Poppies Weeping Window


Weeping Window is part of the installation ‘Blood Swept Lands of Seas of Red’ which was originally shown at the Tower of London in November and December 2014.  The original display captured the British public’s imagination – it is estimated that the Tower of London was visited by over five million people whilst the Poppies were on display.  It was named Blood Swept Lands and Seas of Red after a line written by a Derbyshire soldier who died in Belgium.


Weeping window has now been installed on St George’s Hall in the heart of Liverpool.  It is on display from 7 November through to 17 January 2016.  It was the centre piece of the Remembrance Sunday ceremony in Liverpool on 8 November.  It is a cascade of several thousand handmade ceramic poppies which pour out from high up in St George’s Hall to the ground below.  The thousands of ceramic flowers represent the lives of the many military fatalities lost in the First World War.  World War 1 style sandbags cordon off the poppies from the public viewing them.


I went along to try and capture some images in the rain. Some shots have been affected by the very heavy rain that fell this weekend.


The sculptures are by artist Paul Cummins and designer Tom Piper and they take elements of their installation from the Tower of London to create another work of art here in Liverpool.  The event is part of the UK wide 14-18 NOW WW1 Centenary Art Commission’s aim to commemorate, across the country, the hundred years since the First World War.


Over the period the original installation was housed at the Tower of London poppies were added each day until there were 888,246 poppies representing each one of the deaths in the British and Colonial forces between 1914 and 1918.  The last poppy was planted at the Tower of London on Remembrance Day 2014.


The Backstage Trust bought the Weeping Window section of the Blood Swept Lands and Seas of Red artwork following the closure of the event at the Tower of London last autumn.  The Clore Duffield Foundation secured the Wave section of the installation.  Both works, together totalling more than 10,000 ceramic poppies, are being showcased at locations around the country between now and 2018, before finding permanent homes at the Imperial War Museum in London and Manchester.  Most of the poppies were sold to the public, raising about £9m for military charities.


Weeping Window spent two months on show at the Woodhorn Museum in Northumberland before moving to Liverpool for Remembrance Sunday.  The Wave was installed in September at the Yorkshire Sculpture Park.


St George’s Hall was built in 1854 and is regarded as one the finest examples of neo classical architecture in the world.  The plateau outside the front of the hall is meeting place for great celebrations and commemorations in the city.  During World War 1 St George’s Hall was the rallying point for the famous Liverpool PALs, when Lord Derby and Lord Kitchener appealed for 100,000 local men to form a new army battalion.

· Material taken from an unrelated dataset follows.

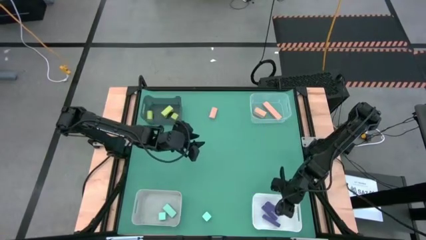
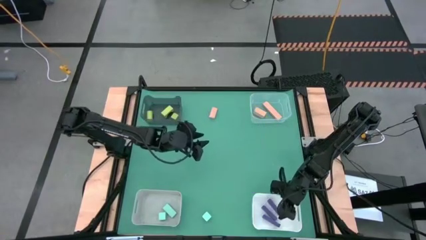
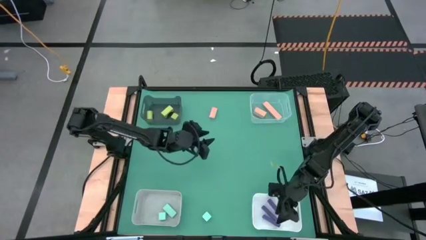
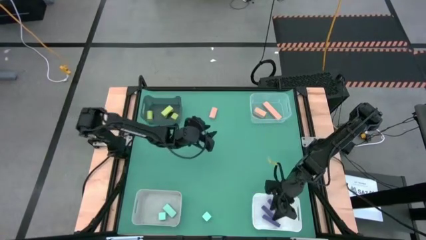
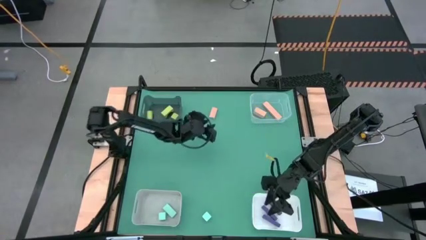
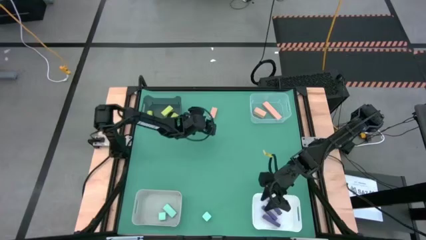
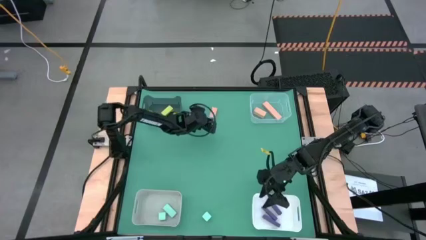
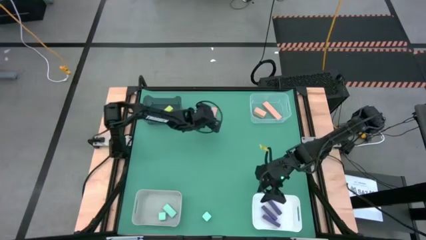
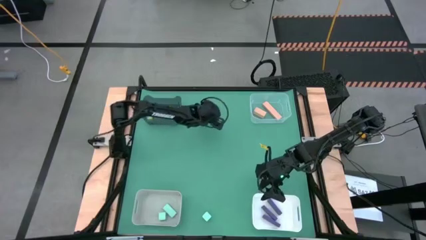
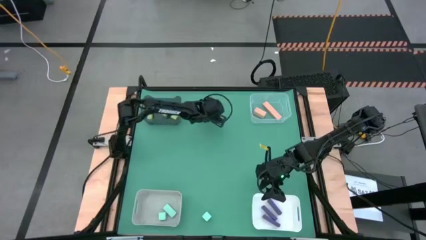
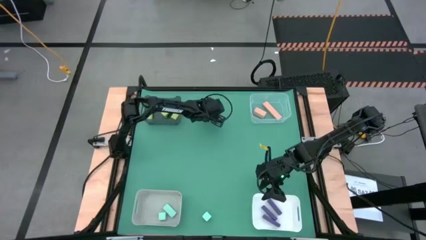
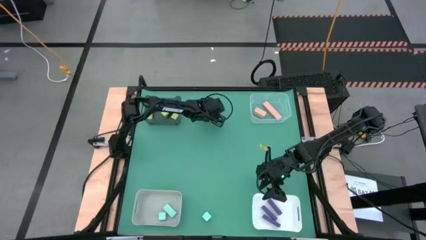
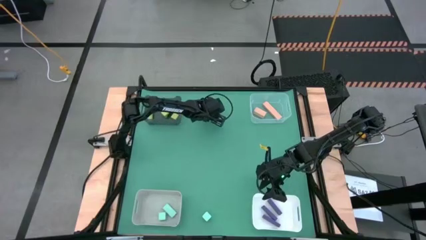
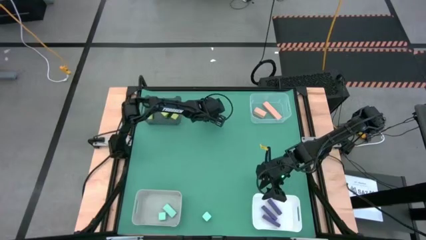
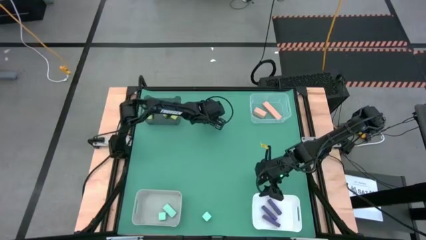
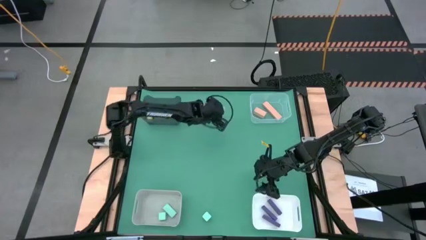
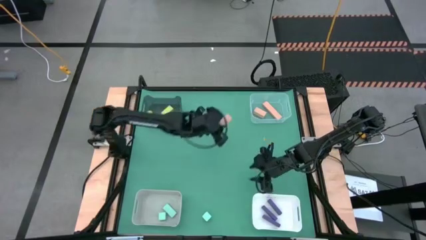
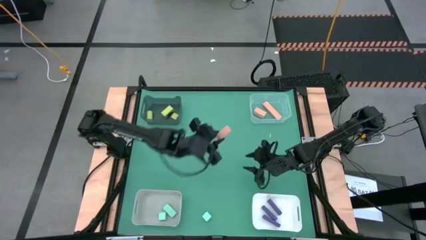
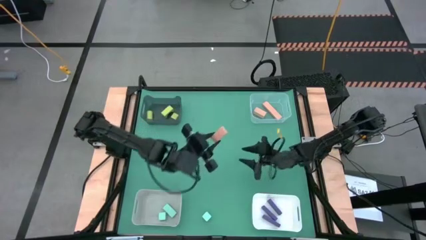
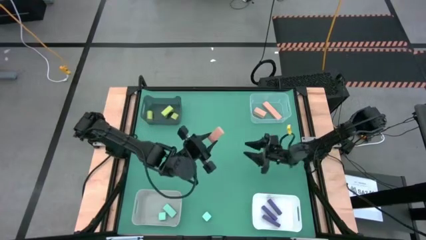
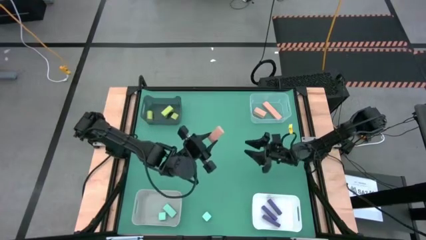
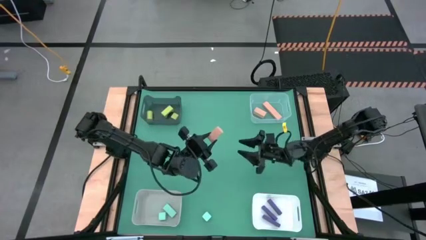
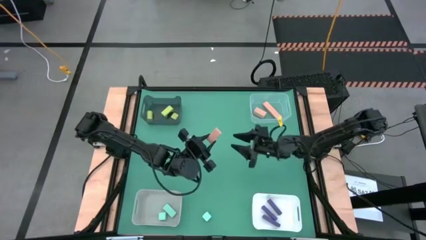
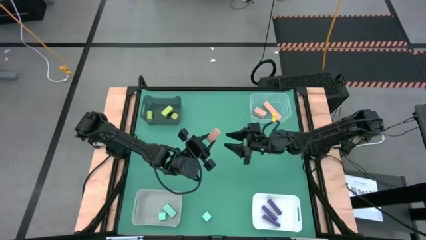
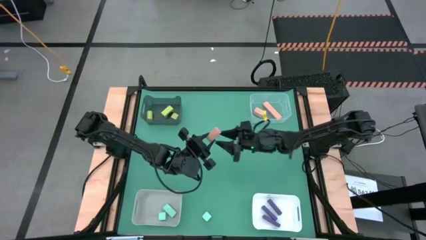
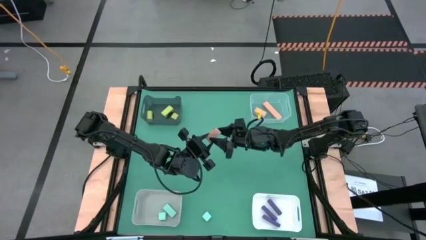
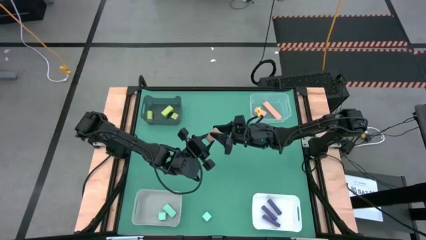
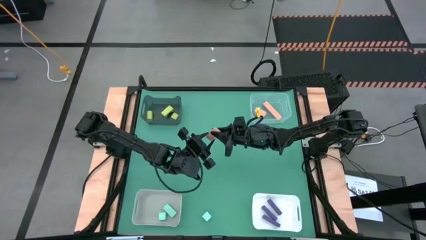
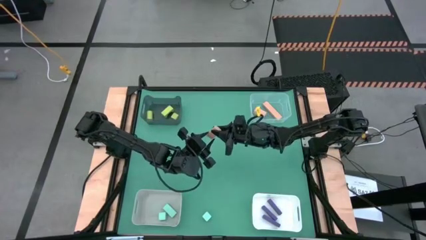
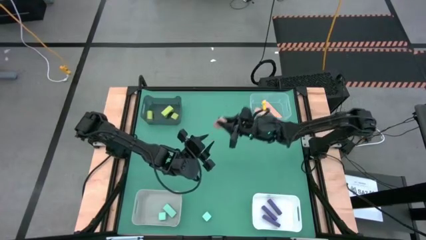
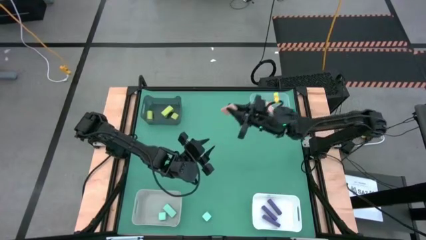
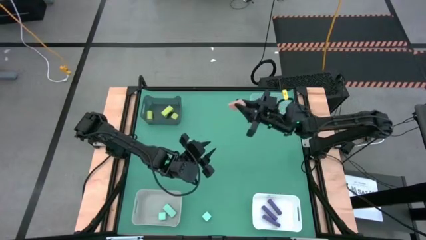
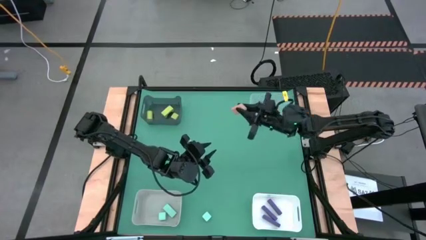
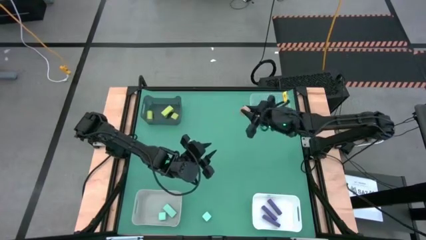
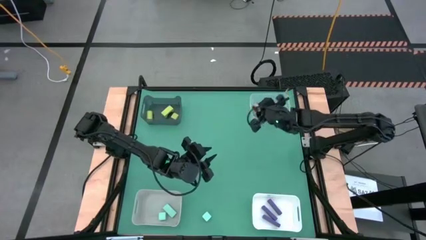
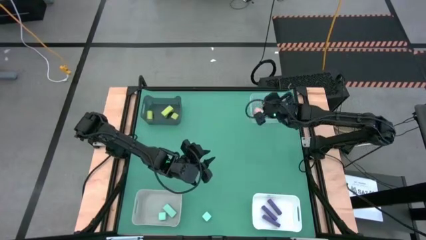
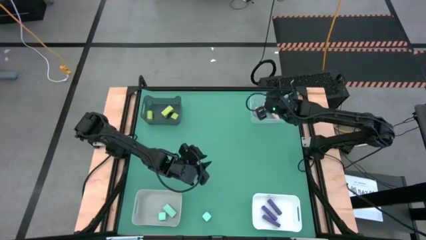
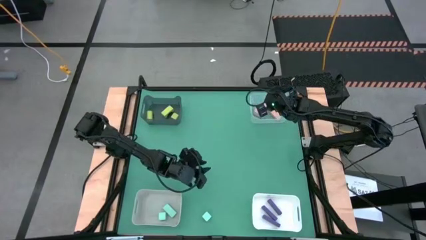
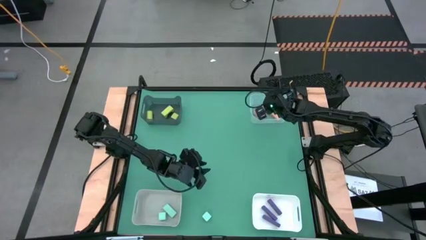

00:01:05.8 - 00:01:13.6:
Put the peach orange block into the transparent bin

Thousands of men travelled to these rallies and they signed their attestation papers in St George’s Hall.


Lord Kitchener was Secretary of State for War and he organised the largest volunteer army that both Britain and the world had ever seen.  His commanding image appeared on recruiting posters demanding “Your country needs you!” across the land.


By September 1914, more than 30,000 men had enlisted at St George’s Hall.  In 1915 Lord Kitchener returned to Liverpool to inspect nine battalions on the plateau outside the great hall.  However, by the end of the war more than 13,000 men from Merseyside had died in the conflict.  The plateau now features the Liverpool cenotaph, established in 1927 as a memorial to those who fell in WW1.